(Dataset excerpts)
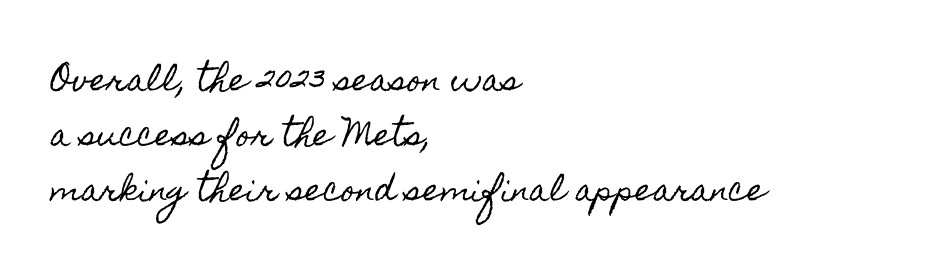
Q: Is the text italic (slanted)? A: Yes.
Q: Is the text underlined? A: No.
Q: How is the paragraph aligned? A: Left-aligned.
Q: Is the spacing between letters normal or unusually wide? A: Normal.
Q: Width (condensed, normal, or wide)? A: Condensed.
Q: x-height? A: Small.
Q: Monospaced? A: No.
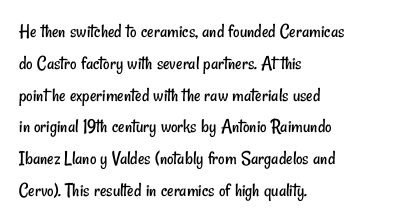
The rows are spaced the way most documents space them. Leftover space on each line is placed entirely after the last word. Check the space under the baseline: it is left empty. These lines keep a tight, regular rhythm from letter to letter. Summary of weight: not heavy and not bold.
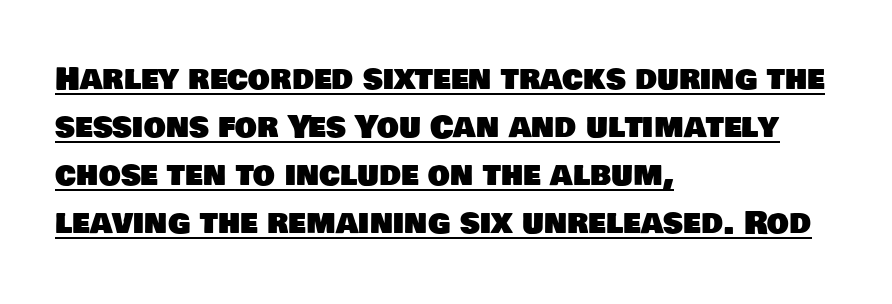
Q: Is the typeface a serif or a sans-serif typeface? A: Sans-serif.
Q: Is the text underlined? A: Yes.
Q: How is the paragraph aligned? A: Left-aligned.
Q: Is the spacing between letters normal or unusually wide? A: Normal.
Q: Is the spacing between lines tight, normal or loose? A: Normal.
Q: Width (condensed, normal, or wide)? A: Normal.
Q: Stroke contrast? A: Low.
Q: x-height? A: Large.
Q: Monospaced? A: No.
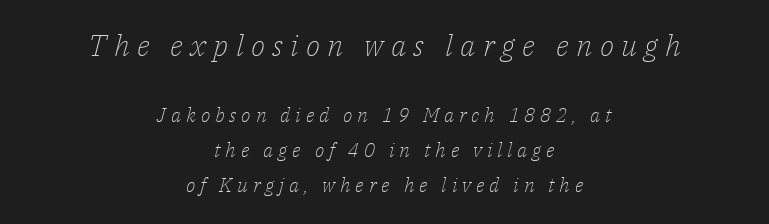
{"serif": "yes", "italic": "yes", "lean": "right", "slant_degrees": 14, "bold": "no", "weight": "light", "width": "normal", "stroke_contrast": "low", "x_height": "medium", "monospaced": "no", "underline": "no", "align": "center", "line_spacing_ratio": 1.75, "letter_spacing": "wide", "letter_spacing_em": 0.24, "larger_block": "first", "size_ratio": 1.5, "glyph_px": 30}
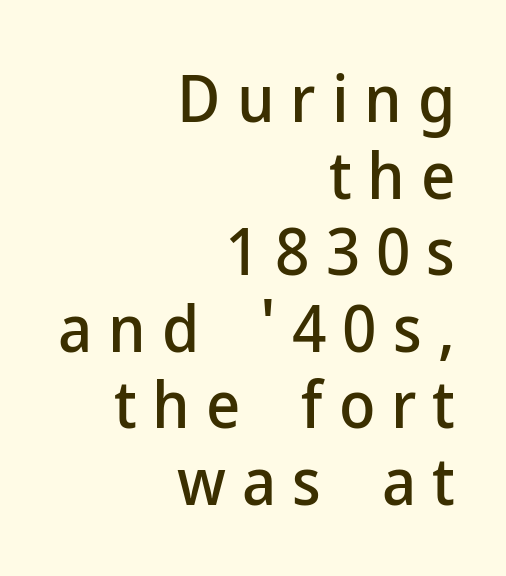
{"serif": "no", "italic": "no", "width": "normal", "stroke_contrast": "low", "x_height": "medium", "monospaced": "no", "underline": "no", "align": "right", "line_spacing_ratio": 1.16, "letter_spacing": "wide", "letter_spacing_em": 0.24, "glyph_px": 66}
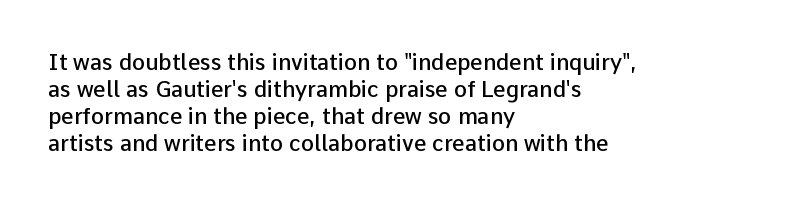
{"italic": "no", "bold": "semi", "underline": "no", "align": "left", "line_spacing_ratio": 1.23, "letter_spacing": "normal", "letter_spacing_em": 0.0, "glyph_px": 22}

• What is expected:
Every line above goes into the copy unchanged; the pictures do not.

• Task answer:
Q: Is the text italic (slanted)? A: Yes.
Q: Is the text underlined? A: No.
Q: How is the paragraph aligned? A: Left-aligned.
Q: Is the spacing between letters normal or unusually wide? A: Normal.
Q: Width (condensed, normal, or wide)? A: Condensed.
Q: x-height? A: Small.
Q: Monospaced? A: No.
The rows are spaced the way most documents space them. Leftover space on each line is placed entirely after the last word. Check the space under the baseline: it is left empty. These lines keep a tight, regular rhythm from letter to letter. Summary of weight: not heavy and not bold.
Q: Is the typeface a serif or a sans-serif typeface? A: Sans-serif.
Q: Is the text underlined? A: Yes.
Q: How is the paragraph aligned? A: Left-aligned.
Q: Is the spacing between letters normal or unusually wide? A: Normal.
Q: Is the spacing between lines tight, normal or loose? A: Normal.
Q: Width (condensed, normal, or wide)? A: Normal.
Q: Stroke contrast? A: Low.
Q: x-height? A: Large.
Q: Monospaced? A: No.
{"serif": "yes", "italic": "yes", "lean": "right", "slant_degrees": 14, "bold": "no", "weight": "light", "width": "normal", "stroke_contrast": "low", "x_height": "medium", "monospaced": "no", "underline": "no", "align": "center", "line_spacing_ratio": 1.75, "letter_spacing": "wide", "letter_spacing_em": 0.24, "larger_block": "first", "size_ratio": 1.5, "glyph_px": 30}
{"serif": "no", "italic": "no", "width": "normal", "stroke_contrast": "low", "x_height": "medium", "monospaced": "no", "underline": "no", "align": "right", "line_spacing_ratio": 1.16, "letter_spacing": "wide", "letter_spacing_em": 0.24, "glyph_px": 66}
{"italic": "no", "bold": "semi", "underline": "no", "align": "left", "line_spacing_ratio": 1.23, "letter_spacing": "normal", "letter_spacing_em": 0.0, "glyph_px": 22}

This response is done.